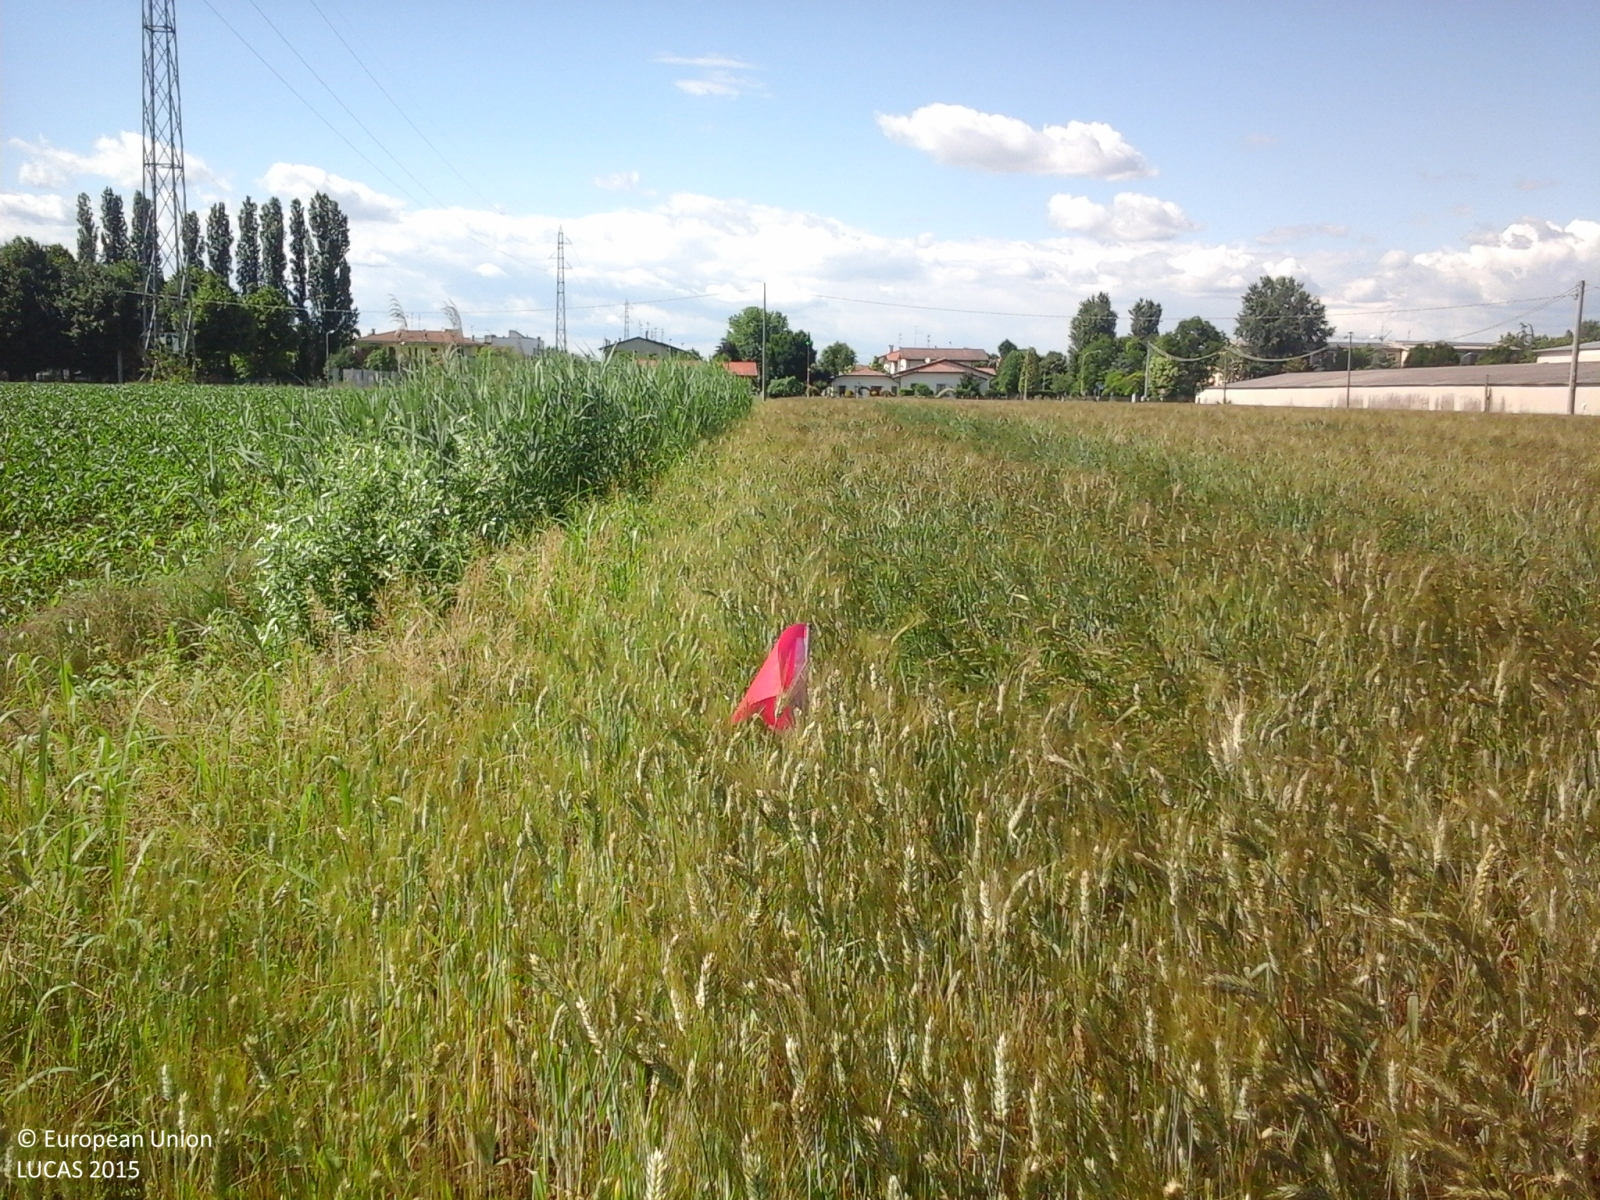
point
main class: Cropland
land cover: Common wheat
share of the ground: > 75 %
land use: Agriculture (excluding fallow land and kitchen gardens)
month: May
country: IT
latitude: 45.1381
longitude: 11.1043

WORK TO BE COMPLETED: Word for word, give the entries back in full; the pictures do not belong in the copy.

EXERCISE RESULT:
point
main class: Cropland
land cover: Common wheat
share of the ground: > 75 %
land use: Agriculture (excluding fallow land and kitchen gardens)
month: May
country: IT
latitude: 45.1381
longitude: 11.1043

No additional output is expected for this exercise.